ScCdc13 functions as a large platform that harbors four OB folds with different functionalities, such as specific telomeric ssDNA binding, interaction with DNA polymerase α and telomerase recruitment. The first OB fold in ScCdc13 serves as a homodimerization domain and a Pol1-interaction domain. Crystal structure of ScCdc13OB1 in complex with Pol1 shows that a helical Pol1 peptide binds into a deep basic groove on Cdc13, and this association requires the dimerization of Cdc13OB1 . The centrally located recruitment domain (RD) and the putative second OB fold (ScCdc13OB2) are both required for interaction with Est1, a regulatory component of telomerase . How they recognize Est1 and regulate telomerase activity remain elusive, prominently due to a lack of complex structure composed Cdc13 and Est1. The third OB fold (ScCdc13OB3) is involved in ssDNA binding, and the binding interface has been detailed revealed by the structure of ScCdc13OB3 complexed with a 11-mer telomeric ssDNA . The last OB fold of Cdc13 interacts with C-terminal WH motif of Stn1 , which also requires structural characterization for functional insights into Cdc13-Stn1 interaction.

4. Prospective

Recent progresses in structural studies of telomere-associated proteins have provided informative insights into their evolution and molecular mechanisms. However, it is of noted that most of structural studies focused on isolated component or core complex composed of interaction domains, which preclude precise demonstration of functional mechanisms of intact complexes. The next challenge will be to decipher the secret of telomere and telomerase by studying larger complexes. For example, the high-resolution structures of TERTs complexed with TRs from different species will significantly advance our understanding of action mechanisms telomerase, and complex structure with regulatory proteins will reveal the regulation mechanism for telomerase. The structural analysis of intact shelterin complex will manifest how telomeric proteins cooperate for telomere maintenance. The structural studies of such complicated complexes will require the combination of different biophysical techniques, including X-ray crystallography, NMR, cryo-electron microscopy, SAXS and computation modeling et al.

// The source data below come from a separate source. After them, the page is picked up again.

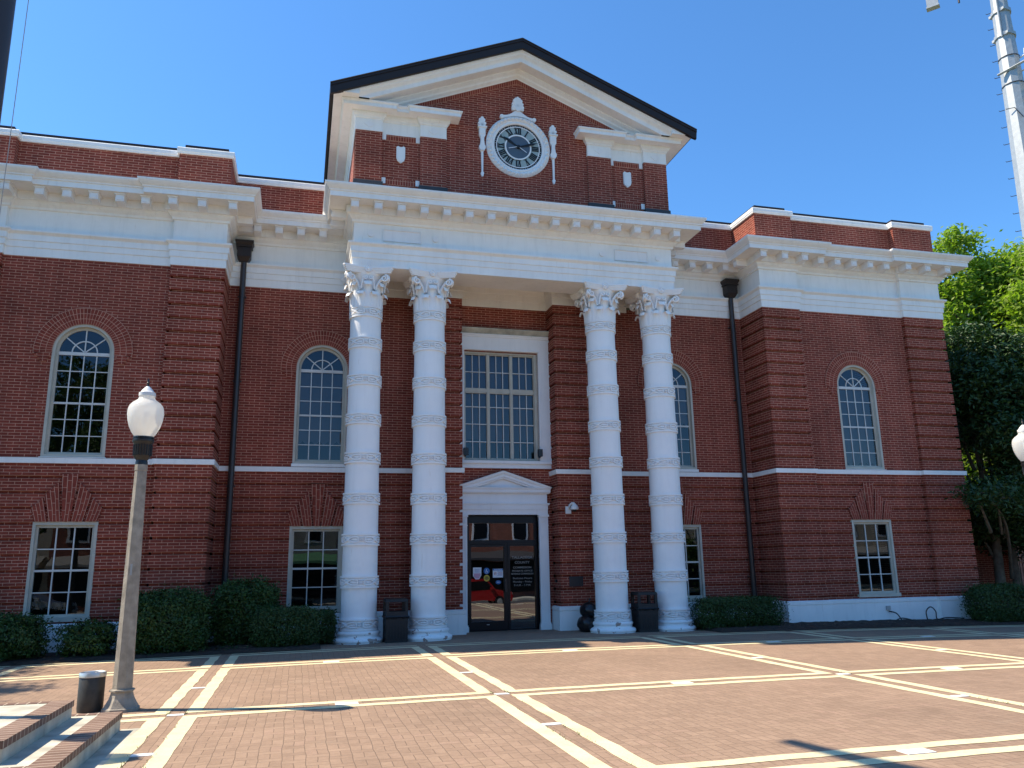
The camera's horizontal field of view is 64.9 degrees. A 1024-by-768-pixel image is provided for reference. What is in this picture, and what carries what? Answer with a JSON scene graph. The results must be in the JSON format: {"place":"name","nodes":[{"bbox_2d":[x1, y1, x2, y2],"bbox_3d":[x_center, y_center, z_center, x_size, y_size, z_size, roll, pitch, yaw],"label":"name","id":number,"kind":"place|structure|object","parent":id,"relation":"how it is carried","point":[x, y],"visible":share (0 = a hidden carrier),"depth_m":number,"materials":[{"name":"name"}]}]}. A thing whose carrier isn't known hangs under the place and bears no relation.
{"place":"outdoors","nodes":[
{"label":"outdoors","id":0,"kind":"place"},
{"bbox_2d":[0,624,1023,767],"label":"plaza paving","id":1,"kind":"structure","parent":0,"point":[681,724],"depth_m":9.81,"materials":[{"name":"brown brick"}]},
{"bbox_2d":[0,0,28,211],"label":"flagpole","id":2,"kind":"object","parent":1,"relation":"on","point":[7,10],"depth_m":6.89,"materials":[{"name":"metal"}]},
{"bbox_2d":[0,700,122,767],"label":"platform steps","id":3,"kind":"structure","parent":1,"relation":"on","point":[50,734],"depth_m":7.31,"materials":[{"name":"concrete"}]},
{"bbox_2d":[76,670,106,712],"bbox_3d":[-5.204,3.803,9.960,0.310,0.462,0.310,2,-13,-14],"label":"litter bin","id":4,"kind":"object","parent":1,"relation":"on","point":[91,691],"visible":0.98,"depth_m":9.85,"materials":[{"name":"metal"}]},
{"bbox_2d":[79,728,139,767],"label":"concrete apron","id":5,"kind":"object","parent":1,"relation":"on","point":[100,757],"visible":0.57,"depth_m":7.69,"materials":[{"name":"grey concrete"}]},
{"bbox_2d":[101,378,163,712],"bbox_3d":[-4.852,1.985,10.368,0.452,4.230,0.452,2,-13,-14],"label":"street lamp","id":6,"kind":"object","parent":1,"relation":"on","point":[145,413],"visible":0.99,"depth_m":10.27,"materials":[{"name":"grey concrete"}]},
{"bbox_2d":[0,641,320,665],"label":"planting bed","id":7,"kind":"object","parent":1,"relation":"on","point":[50,658],"visible":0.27,"depth_m":16.27,"materials":[{"name":"brown soil"}]},
{"bbox_2d":[0,608,59,661],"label":"shrub","id":8,"kind":"object","parent":7,"relation":"on","point":[21,635],"visible":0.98,"depth_m":15.76,"materials":[{"name":"green plant"}]},
{"bbox_2d":[49,616,118,656],"bbox_3d":[-8.525,5.143,16.293,1.365,0.881,1.110,0,-13,-5],"label":"shrub","id":9,"kind":"object","parent":7,"relation":"on","point":[80,643],"visible":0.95,"depth_m":16.05,"materials":[{"name":"green plant"}]},
{"bbox_2d":[116,584,221,654],"bbox_3d":[-7.123,4.896,16.752,2.037,1.478,1.388,2,-13,-14],"label":"shrub","id":10,"kind":"object","parent":7,"relation":"on","point":[192,612],"visible":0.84,"depth_m":16.39,"materials":[{"name":"green plant"}]},
{"bbox_2d":[108,642,247,653],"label":"bed weeds","id":11,"kind":"object","parent":7,"relation":"on","point":[202,647],"visible":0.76,"depth_m":16.61,"materials":[{"name":"green plant"}]},
{"bbox_2d":[207,573,283,645],"bbox_3d":[-5.916,5.023,17.830,1.693,1.638,1.348,2,-13,-14],"label":"shrub","id":12,"kind":"object","parent":7,"relation":"on","point":[234,597],"visible":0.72,"depth_m":17.43,"materials":[{"name":"green plant"}]},
{"bbox_2d":[245,603,325,647],"bbox_3d":[-4.908,5.247,17.396,1.743,0.966,1.182,2,-13,-14],"label":"hedge","id":13,"kind":"object","parent":7,"relation":"on","point":[303,630],"visible":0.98,"depth_m":17.07,"materials":[{"name":"green plant"}]},
{"bbox_2d":[309,606,338,643],"bbox_3d":[-4.394,5.495,18.289,0.898,0.845,1.082,2,-13,-14],"label":"hedge","id":14,"kind":"object","parent":7,"relation":"on","point":[329,618],"visible":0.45,"depth_m":18.02,"materials":[{"name":"green plant"}]},
{"bbox_2d":[382,598,408,642],"bbox_3d":[-2.658,5.379,18.354,0.560,0.945,0.558,3,-13,-16],"label":"waste bin","id":15,"kind":"object","parent":1,"relation":"on","point":[395,626],"visible":1,"depth_m":18.12,"materials":[{"name":"plastic"}]},
{"bbox_2d":[0,625,1023,767],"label":"paving bands","id":16,"kind":"object","parent":1,"relation":"on","point":[165,749],"visible":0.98,"depth_m":10.04,"materials":[{"name":"beige concrete"}]},
{"bbox_2d":[130,636,969,757],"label":"marker pavers","id":17,"kind":"object","parent":1,"relation":"on","point":[915,751],"visible":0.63,"depth_m":9.63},
{"bbox_2d":[117,671,1021,767],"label":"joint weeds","id":18,"kind":"object","parent":1,"relation":"on","point":[490,692],"visible":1,"depth_m":8.37,"materials":[{"name":"green plant"}]},
{"bbox_2d":[577,615,594,631],"bbox_3d":[1.866,5.903,20.044,0.500,0.490,0.510,2,-13,-14],"label":"rubbish bag","id":19,"kind":"object","parent":1,"relation":"on","point":[585,623],"visible":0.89,"depth_m":19.85,"materials":[{"name":"black plastic"}]},
{"bbox_2d":[580,598,595,616],"bbox_3d":[1.935,5.607,20.202,0.466,0.457,0.465,2,-13,-14],"label":"rubbish bag","id":20,"kind":"object","parent":19,"relation":"on","point":[588,608],"visible":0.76,"depth_m":20.04,"materials":[{"name":"black plastic"}]},
{"bbox_2d":[630,591,658,631],"bbox_3d":[3.288,5.641,19.964,0.560,0.945,0.558,2,-13,-13],"label":"waste bin","id":21,"kind":"object","parent":1,"relation":"on","point":[644,617],"visible":0.98,"depth_m":19.74,"materials":[{"name":"plastic"}]},
{"bbox_2d":[693,619,1023,632],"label":"planting bed","id":22,"kind":"object","parent":1,"relation":"on","point":[784,626],"visible":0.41,"depth_m":20.55,"materials":[{"name":"brown soil"}]},
{"bbox_2d":[13,619,1010,659],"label":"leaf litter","id":23,"kind":"object","parent":22,"relation":"on","point":[727,627],"visible":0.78,"depth_m":19.97,"materials":[{"name":"brown plant"}]},
{"bbox_2d":[688,594,793,629],"bbox_3d":[5.720,5.785,20.436,2.840,0.913,1.201,2,-13,-14],"label":"hedge","id":24,"kind":"object","parent":22,"relation":"on","point":[758,609],"visible":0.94,"depth_m":20.09,"materials":[{"name":"green plant"}]},
{"bbox_2d":[886,606,963,620],"bbox_3d":[11.214,6.236,21.904,2.302,0.425,0.475,1,-13,-11],"label":"power cable","id":25,"kind":"object","parent":22,"relation":"on","point":[888,607],"visible":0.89,"depth_m":21.92,"materials":[{"name":"black rubber"}]},
{"bbox_2d":[957,580,1023,621],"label":"hedge","id":26,"kind":"object","parent":22,"relation":"on","point":[1000,609],"visible":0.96,"depth_m":21.65,"materials":[{"name":"green plant"}]},
{"bbox_2d":[1012,420,1023,474],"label":"street lamp","id":27,"kind":"object","parent":1,"relation":"on","point":[1018,444],"visible":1,"depth_m":15.00,"materials":[{"name":"glass"}]},
{"bbox_2d":[0,0,1023,282],"label":"sky","id":28,"kind":"structure","parent":0,"point":[885,111],"materials":[{"name":"blue"}]},
{"bbox_2d":[971,543,1023,584],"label":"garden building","id":29,"kind":"structure","parent":0,"point":[1021,567],"depth_m":51.18,"materials":[{"name":"brick"}]},
{"bbox_3d":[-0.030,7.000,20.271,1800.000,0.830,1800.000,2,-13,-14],"label":"ground","id":30,"kind":"structure","parent":0,"visible":0},
{"bbox_2d":[0,38,986,652],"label":"courthouse","id":31,"kind":"structure","parent":30,"relation":"on","point":[502,262],"depth_m":20.96,"materials":[{"name":"red brick"}]},
{"bbox_2d":[23,522,98,622],"bbox_3d":[-9.664,4.014,17.264,1.320,2.090,0.170,2,-13,-14],"label":"window","id":32,"kind":"structure","parent":31,"relation":"in","point":[36,526],"depth_m":17.26,"materials":[{"name":"paint"}]},
{"bbox_2d":[38,324,113,457],"bbox_3d":[-9.735,0.143,18.154,1.340,3.071,0.185,2,-13,-14],"label":"window","id":33,"kind":"structure","parent":31,"relation":"in","point":[57,345],"depth_m":18.15,"materials":[{"name":"paint"}]},
{"bbox_2d":[286,526,342,611],"bbox_3d":[-4.796,4.506,19.615,1.320,2.055,0.170,2,-13,-14],"label":"window","id":34,"kind":"structure","parent":31,"relation":"in","point":[293,529],"depth_m":19.65,"materials":[{"name":"paint"}]},
{"bbox_2d":[291,345,347,466],"bbox_3d":[-4.875,0.550,20.552,1.340,3.161,0.240,2,-13,-14],"label":"window","id":35,"kind":"structure","parent":31,"relation":"in","point":[320,399],"depth_m":20.61,"materials":[{"name":"glass"}]},
{"bbox_2d":[463,448,467,456],"bbox_3d":[-1.229,1.806,21.321,0.120,0.225,0.165,2,-13,-14],"label":"floodlight","id":36,"kind":"object","parent":31,"relation":"attached to","point":[465,451],"visible":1,"depth_m":21.25,"materials":[{"name":"black metal"}]},
{"bbox_2d":[469,544,507,630],"bbox_3d":[-0.605,5.280,20.962,1.025,2.170,0.159,2,-13,-14],"label":"door","id":37,"kind":"structure","parent":31,"relation":"in","point":[488,571],"depth_m":21.00,"materials":[{"name":"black glass"}]},
{"bbox_2d":[464,351,538,460],"bbox_3d":[-0.341,0.632,22.172,2.100,3.040,0.300,2,-13,-14],"label":"centre window","id":38,"kind":"structure","parent":31,"relation":"in","point":[498,392],"depth_m":22.26,"materials":[{"name":"glass"}]},
{"bbox_2d":[538,449,542,457],"bbox_3d":[0.755,1.887,21.831,0.120,0.225,0.165,2,-13,-14],"label":"floodlight","id":39,"kind":"object","parent":31,"relation":"attached to","point":[540,453],"visible":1,"depth_m":21.76,"materials":[{"name":"black metal"}]},
{"bbox_2d":[565,502,578,513],"bbox_3d":[1.589,3.251,21.133,0.210,0.289,0.351,10,-17,-41],"label":"security camera","id":40,"kind":"object","parent":31,"relation":"attached to","point":[573,507],"visible":1,"depth_m":21.12,"materials":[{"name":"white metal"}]},
{"bbox_2d":[569,576,582,586],"bbox_3d":[1.662,5.107,20.824,0.370,0.250,0.031,2,-13,-14],"label":"wall plaque","id":41,"kind":"object","parent":31,"relation":"attached to","point":[576,581],"depth_m":20.81,"materials":[{"name":"paint"}]},
{"bbox_2d":[672,363,698,471],"bbox_3d":[4.560,0.937,22.978,1.340,3.161,0.240,2,-13,-14],"label":"window","id":42,"kind":"structure","parent":31,"relation":"in","point":[681,415],"depth_m":23.16,"materials":[{"name":"glass"}]},
{"bbox_2d":[683,525,706,601],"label":"window","id":43,"kind":"structure","parent":31,"relation":"in","point":[701,578],"depth_m":22.17,"materials":[{"name":"paint"}]},
{"bbox_2d":[837,365,884,469],"bbox_3d":[9.981,0.956,23.253,1.340,3.071,0.240,2,-13,-14],"label":"window","id":44,"kind":"structure","parent":31,"relation":"in","point":[858,445],"depth_m":23.30,"materials":[{"name":"glass"}]},
{"bbox_2d":[850,520,901,596],"bbox_3d":[10.058,4.822,22.336,1.320,2.090,0.170,2,-13,-14],"label":"window","id":45,"kind":"structure","parent":31,"relation":"in","point":[894,578],"depth_m":22.37,"materials":[{"name":"paint"}]},
{"bbox_2d":[926,0,1023,248],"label":"cell tower","id":46,"kind":"structure","parent":30,"relation":"on","point":[1010,74],"depth_m":43.11,"materials":[{"name":"metal"}]},
{"bbox_2d":[932,223,1023,485],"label":"spring tree","id":47,"kind":"object","parent":30,"relation":"on","point":[991,287],"visible":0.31,"depth_m":31.51,"materials":[{"name":"green plant"}]},
{"bbox_2d":[933,312,1023,608],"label":"evergreen tree","id":48,"kind":"object","parent":30,"relation":"on","point":[987,379],"visible":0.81,"depth_m":25.12,"materials":[{"name":"green plant"}]},
{"bbox_2d":[972,544,1012,601],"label":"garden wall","id":49,"kind":"structure","parent":30,"relation":"on","point":[985,567],"depth_m":25.98,"materials":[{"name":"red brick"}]},
{"bbox_2d":[1017,549,1023,584],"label":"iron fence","id":50,"kind":"object","parent":30,"relation":"on","point":[1018,557],"visible":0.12,"depth_m":26.34,"materials":[{"name":"black metal"}]}
]}

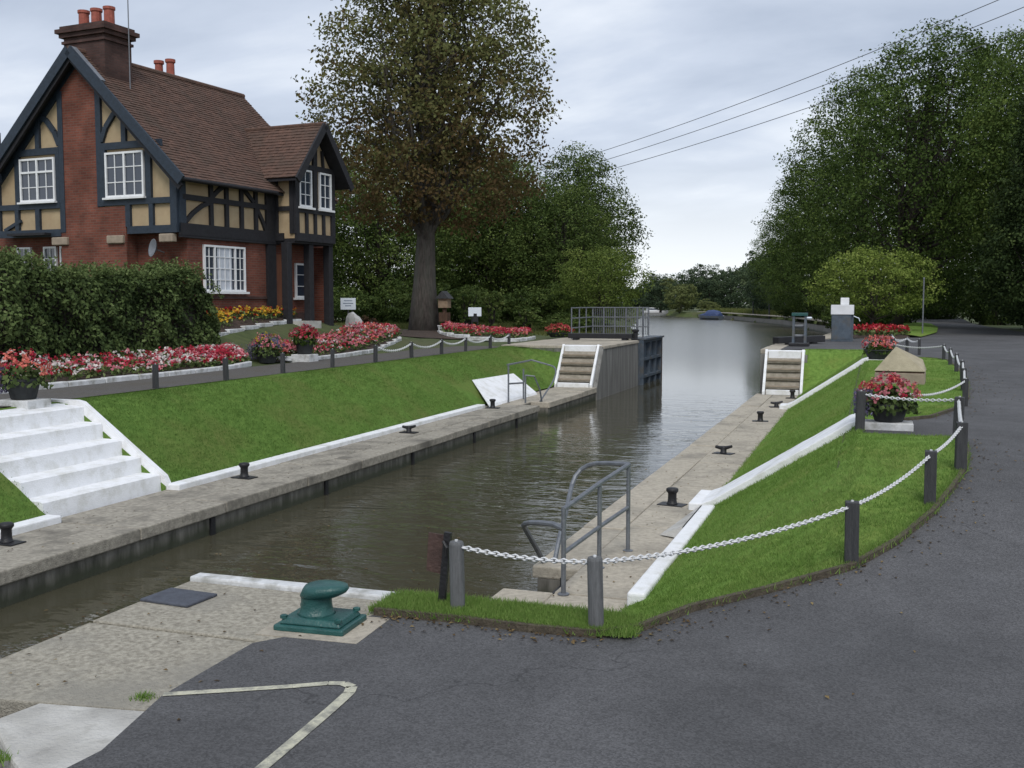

Another long-standing question is how these telomere-associated complexes organize into higher-order structure in vivo. Quantitative estimation suggests that there might be hundreds of copies of shelterin complex coated on a single telomere (Takai et al. 2010). Will these hundreds of shelterin complexes pack into any specific structure or just form separated beads on a chain? A lariat structure called t-loop was visualized in telomeres isolated from various species , suggesting a complicated telomere organization in vivo. A recent EM (Electron Microscopy) analysis of Pot1 in complex with 72 to 144-mer telomeric ssDNA revealed that multiple Pot1-TPP1 coated on ssDNA can form compact and ordered structures , further indicating that shelterin proteins have intrinsic ability for self-organization. Moreover, little is known about the contribution of nucleosomes to the shelterin assembly and telomere organization . It will be next frontier to reveal the higher-order structural organization of telomere in the context of hundreds of telomeric repeats and in the presence of nucleosomes, which will be more relevant to telomere organization in vivo.